_PROBLEM TO SOLVE:_
The records that follow need to be printed exactly. Leave out each image.

====== RECORD EXCERPTS

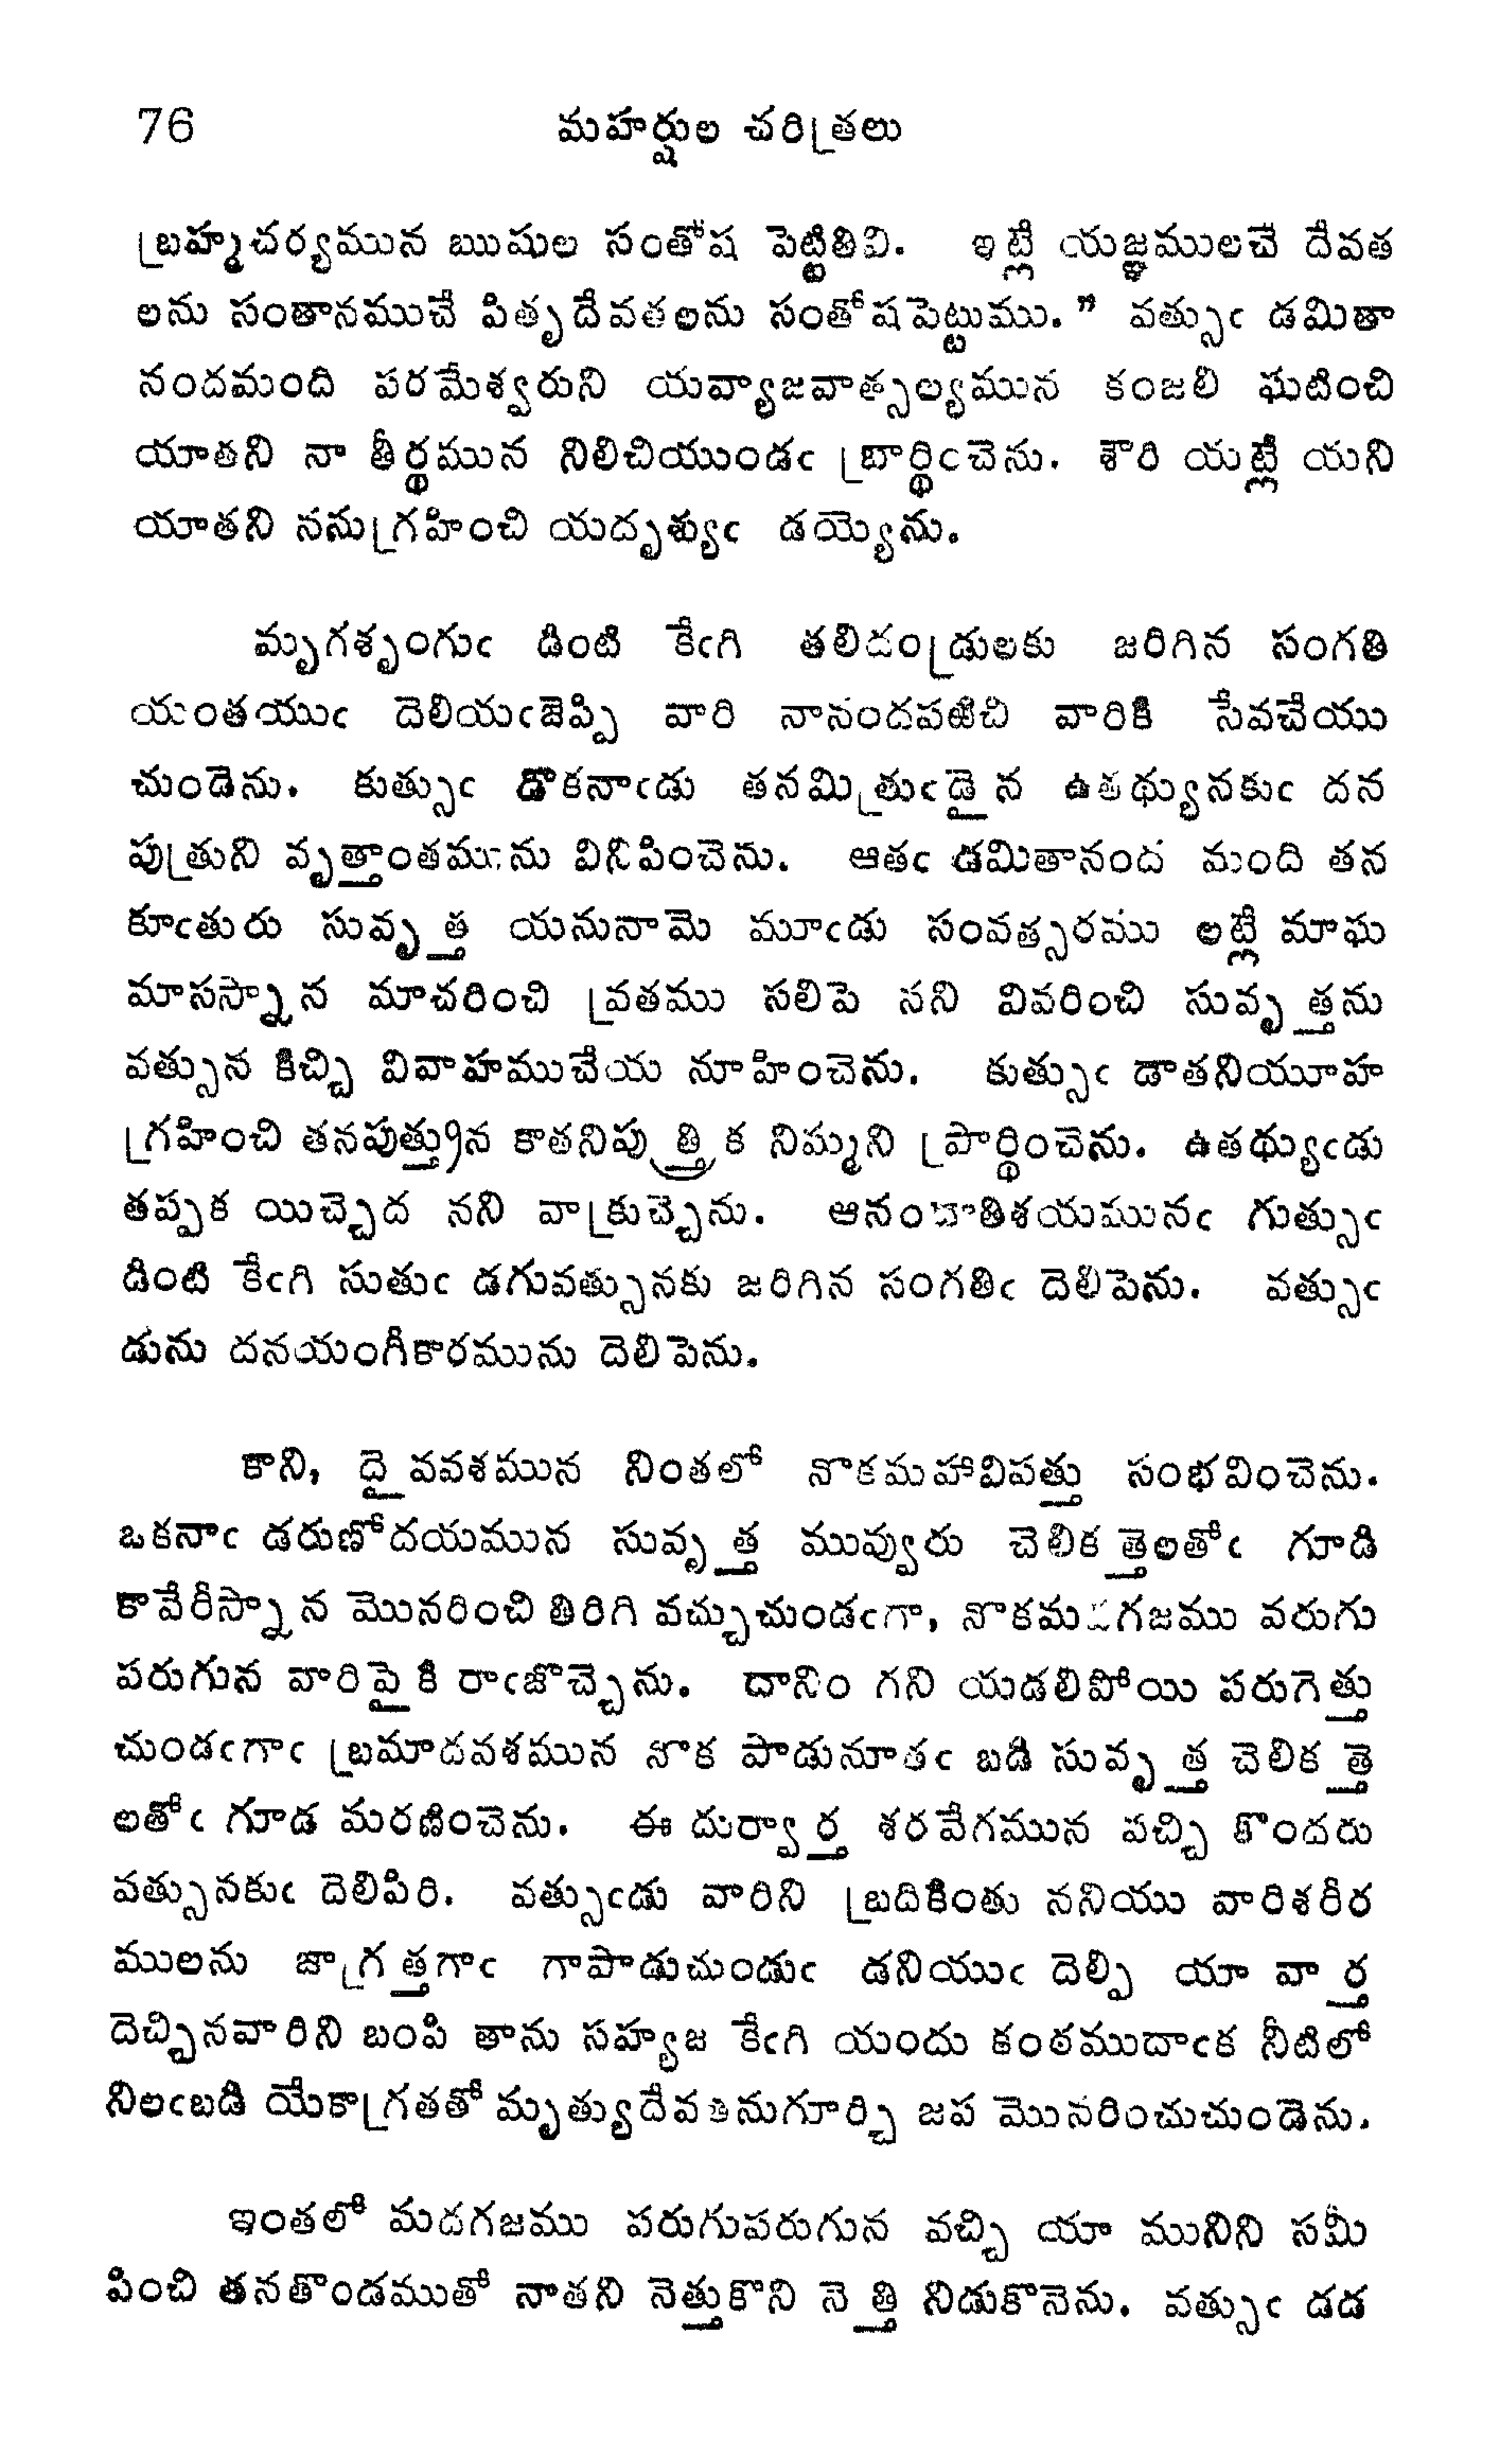బ్రహ్మచర్యమున ఋషుల సంతోష పెట్టితివి. ఇట్లే యజ్ఞములచే దేవతలను సంతానముచే పితృదేవతలను సంతోషపెట్టుము." వత్సుఁ డమితానందమంది పరమేశ్వరుని యవ్యాజవాత్సల్యమున కంజలి ఘటించి యాతని నా తీర్థమున నిలిచియుండఁ బ్రార్థించెను. శౌరి యట్లే యని యాతని ననుగ్రహించి యదృశ్యుఁ డయ్యెను.

మృగశృంగుఁ డింటి కేఁగి తలిదండ్రులకు జరిగిన సంగతి యంతయుఁ దెలియఁజెప్పి వారి నానందపఱిచి వారికి సేవచేయు చుండెను. కుత్సుఁ డొకనాఁడు తనమిత్రుఁడైన ఉతథ్యునకుఁ దన పుత్రుని వృత్తాంతము:ను వినిపించెను. ఆతఁ డమితానంద మంది తన కూఁతురు సువృత్త యనునామె మూఁడు సంవత్సరము లట్లే మాఘమాసస్నాన మాచరించి వ్రతము సలిపె నని వివరించి సువృత్తను వత్సున కిచ్చి వివాహముచేయ నూహించెను. కుత్సుఁ డాతనియూహ
గ్రహించి తనపుత్త్రున కాతనిపుత్తి క నిమ్మని ప్రార్థించెను. ఉతథ్యుఁడు తప్పక యిచ్చెద నని వాక్రుచ్చెను. ఆనందాతిశయమునఁ గుత్సుఁ డింటి కేఁగి సుతుఁ డగువత్సునకు జరిగిన సంగతిఁ దెలిపెను. వత్సుఁడును దనయంగీకారమును దెలిపెను.

కాని, దైవవశమున నింతలో నొకమహావిపత్తు సంభవించెను. ఒకనాఁ డరుణోదయమున సువృత్త మువ్వురు చెలికత్తెలతోఁ గూడి కావేరీస్నాన మొనరించి తిరిగి వచ్చుచుండఁగా, నొకమదగజము పరుగు పరుగున వారిపైకి రాఁజొచ్చెను. దానిం గని యడలిపోయి పరుగెత్తుచుండఁగాఁ బ్రమాదవశమున నొక పాడునూతఁ బడి సువృత్త చెలికత్తెలతోఁ గూడ మరణించెను. ఈ దుర్వార్త శరవేగమున వచ్చి కొందరు వత్సునకుఁ దెలిపిరి. వత్సుఁడు వారిని బ్రదికింతు ననియు పారిశరీరములను జాగ్రత్తగాఁ గాపాడుచుండుఁ డనియుఁ దెల్ఫి యా వార్త దెచ్చినవారిని బంపి తాను సహ్యజ కేఁగి యందు కంఠముదాఁక నీటిలో నిలఁబడి యేకాగ్రతతో మృత్యుదేవతనుగూర్చి జప మొనరించుచుండెను.

ఇంతలో మదగజము పరుగుపరుగున వచ్చి యా మునిని సమీపించి తనతొండముతో నాతని నెత్తుకొని నెత్తి నిడుకొనెను. వత్సుఁ డడ

============

_SOLVED EXERCISE:_
బ్రహ్మచర్యమున ఋషుల సంతోష పెట్టితివి. ఇట్లే యజ్ఞములచే దేవతలను సంతానముచే పితృదేవతలను సంతోషపెట్టుము." వత్సుఁ డమితానందమంది పరమేశ్వరుని యవ్యాజవాత్సల్యమున కంజలి ఘటించి యాతని నా తీర్థమున నిలిచియుండఁ బ్రార్థించెను. శౌరి యట్లే యని యాతని ననుగ్రహించి యదృశ్యుఁ డయ్యెను.

మృగశృంగుఁ డింటి కేఁగి తలిదండ్రులకు జరిగిన సంగతి యంతయుఁ దెలియఁజెప్పి వారి నానందపఱిచి వారికి సేవచేయు చుండెను. కుత్సుఁ డొకనాఁడు తనమిత్రుఁడైన ఉతథ్యునకుఁ దన పుత్రుని వృత్తాంతము:ను వినిపించెను. ఆతఁ డమితానంద మంది తన కూఁతురు సువృత్త యనునామె మూఁడు సంవత్సరము లట్లే మాఘమాసస్నాన మాచరించి వ్రతము సలిపె నని వివరించి సువృత్తను వత్సున కిచ్చి వివాహముచేయ నూహించెను. కుత్సుఁ డాతనియూహ
గ్రహించి తనపుత్త్రున కాతనిపుత్తి క నిమ్మని ప్రార్థించెను. ఉతథ్యుఁడు తప్పక యిచ్చెద నని వాక్రుచ్చెను. ఆనందాతిశయమునఁ గుత్సుఁ డింటి కేఁగి సుతుఁ డగువత్సునకు జరిగిన సంగతిఁ దెలిపెను. వత్సుఁడును దనయంగీకారమును దెలిపెను.

కాని, దైవవశమున నింతలో నొకమహావిపత్తు సంభవించెను. ఒకనాఁ డరుణోదయమున సువృత్త మువ్వురు చెలికత్తెలతోఁ గూడి కావేరీస్నాన మొనరించి తిరిగి వచ్చుచుండఁగా, నొకమదగజము పరుగు పరుగున వారిపైకి రాఁజొచ్చెను. దానిం గని యడలిపోయి పరుగెత్తుచుండఁగాఁ బ్రమాదవశమున నొక పాడునూతఁ బడి సువృత్త చెలికత్తెలతోఁ గూడ మరణించెను. ఈ దుర్వార్త శరవేగమున వచ్చి కొందరు వత్సునకుఁ దెలిపిరి. వత్సుఁడు వారిని బ్రదికింతు ననియు పారిశరీరములను జాగ్రత్తగాఁ గాపాడుచుండుఁ డనియుఁ దెల్ఫి యా వార్త దెచ్చినవారిని బంపి తాను సహ్యజ కేఁగి యందు కంఠముదాఁక నీటిలో నిలఁబడి యేకాగ్రతతో మృత్యుదేవతనుగూర్చి జప మొనరించుచుండెను.

ఇంతలో మదగజము పరుగుపరుగున వచ్చి యా మునిని సమీపించి తనతొండముతో నాతని నెత్తుకొని నెత్తి నిడుకొనెను. వత్సుఁ డడ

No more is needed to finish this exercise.